- Given records:
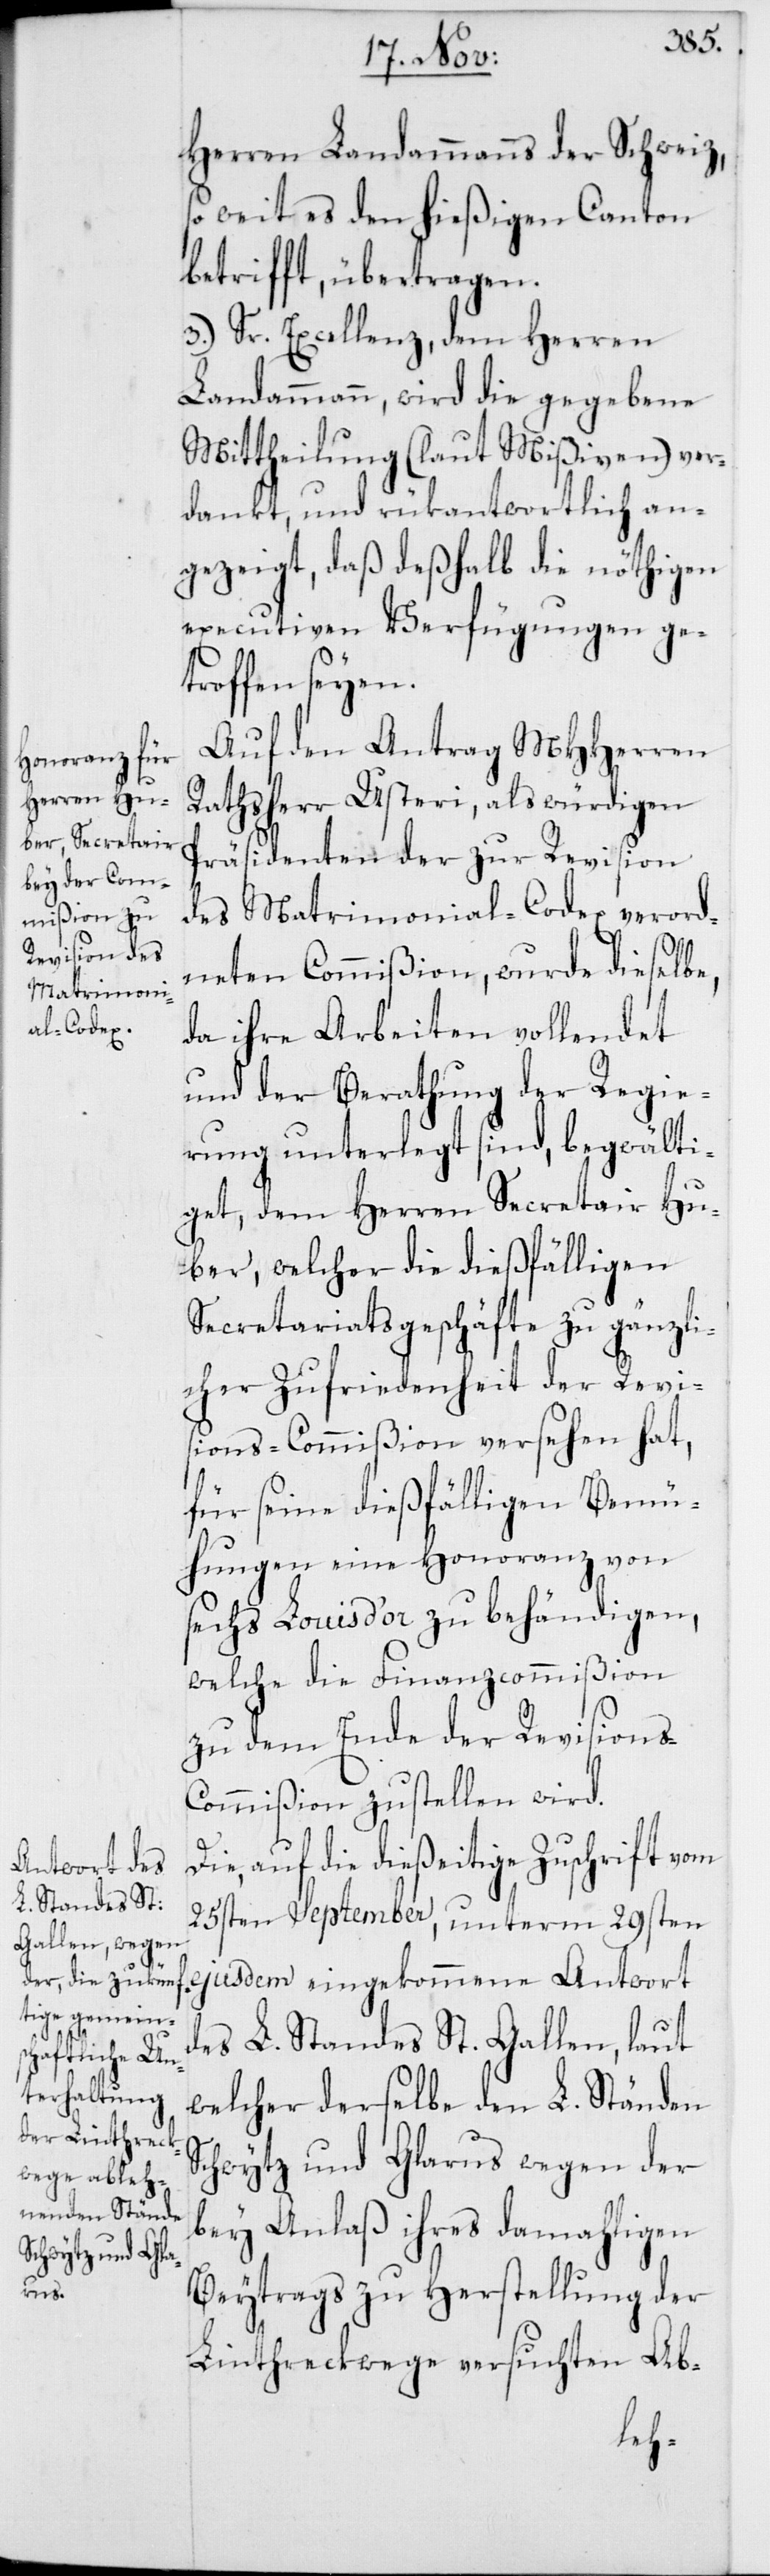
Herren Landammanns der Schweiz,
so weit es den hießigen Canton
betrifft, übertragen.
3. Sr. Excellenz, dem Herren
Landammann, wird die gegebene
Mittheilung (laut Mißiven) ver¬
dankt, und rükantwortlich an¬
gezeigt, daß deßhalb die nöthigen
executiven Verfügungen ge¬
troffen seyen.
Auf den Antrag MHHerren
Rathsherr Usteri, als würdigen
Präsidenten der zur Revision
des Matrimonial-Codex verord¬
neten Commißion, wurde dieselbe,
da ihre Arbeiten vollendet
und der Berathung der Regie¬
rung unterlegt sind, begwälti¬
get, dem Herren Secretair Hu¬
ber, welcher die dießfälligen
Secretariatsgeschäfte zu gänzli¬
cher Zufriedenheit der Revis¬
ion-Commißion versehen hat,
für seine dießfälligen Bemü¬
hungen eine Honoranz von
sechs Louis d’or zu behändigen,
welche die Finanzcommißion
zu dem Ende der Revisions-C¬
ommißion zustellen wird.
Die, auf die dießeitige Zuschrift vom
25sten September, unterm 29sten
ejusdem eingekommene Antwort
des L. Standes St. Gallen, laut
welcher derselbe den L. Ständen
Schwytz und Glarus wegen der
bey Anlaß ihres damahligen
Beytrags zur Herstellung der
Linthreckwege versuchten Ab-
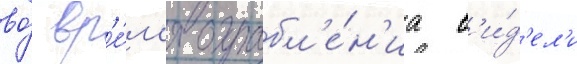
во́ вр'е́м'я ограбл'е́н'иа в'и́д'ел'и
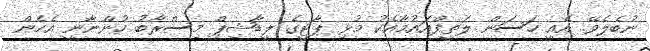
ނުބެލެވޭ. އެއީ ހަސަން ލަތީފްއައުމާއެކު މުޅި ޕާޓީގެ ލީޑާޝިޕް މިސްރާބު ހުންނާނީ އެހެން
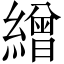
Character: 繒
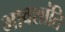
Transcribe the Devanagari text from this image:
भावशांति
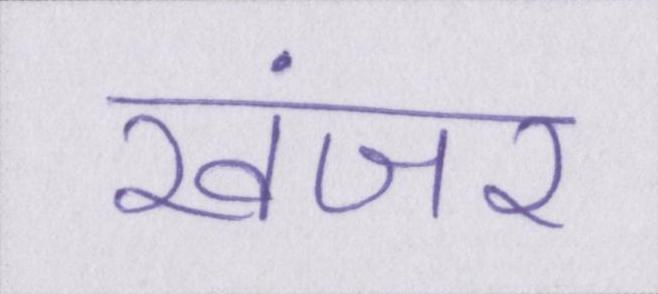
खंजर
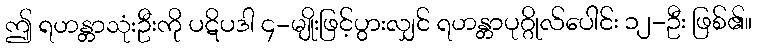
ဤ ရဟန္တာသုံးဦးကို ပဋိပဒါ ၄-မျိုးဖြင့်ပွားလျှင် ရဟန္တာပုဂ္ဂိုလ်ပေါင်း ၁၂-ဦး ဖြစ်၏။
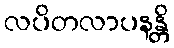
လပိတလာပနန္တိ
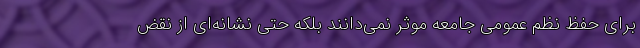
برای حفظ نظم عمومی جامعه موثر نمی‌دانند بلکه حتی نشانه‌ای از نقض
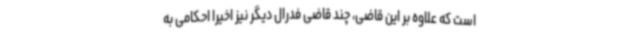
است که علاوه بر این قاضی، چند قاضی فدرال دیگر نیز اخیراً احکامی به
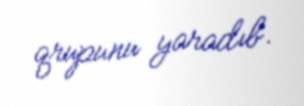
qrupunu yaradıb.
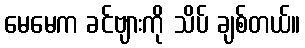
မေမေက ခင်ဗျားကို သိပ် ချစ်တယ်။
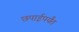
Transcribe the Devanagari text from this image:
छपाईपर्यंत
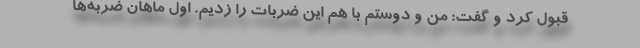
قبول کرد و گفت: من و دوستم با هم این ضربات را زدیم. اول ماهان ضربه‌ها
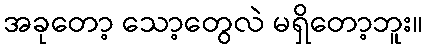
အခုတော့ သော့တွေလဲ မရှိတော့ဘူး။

- Instructions to follow: Your answer should be the lines of the listing above between the line holding "3. Sr. Excellenz, dem Herren" and the line holding "und der Berathung der Regie¬", inclusive, restated word for word and alone.

- Expected answer:
3. Sr. Excellenz, dem Herren
Landammann, wird die gegebene
Mittheilung (laut Mißiven) ver¬
dankt, und rükantwortlich an¬
gezeigt, daß deßhalb die nöthigen
executiven Verfügungen ge¬
troffen seyen.
Auf den Antrag MHHerren
Rathsherr Usteri, als würdigen
Präsidenten der zur Revision
des Matrimonial-Codex verord¬
neten Commißion, wurde dieselbe,
da ihre Arbeiten vollendet
und der Berathung der Regie¬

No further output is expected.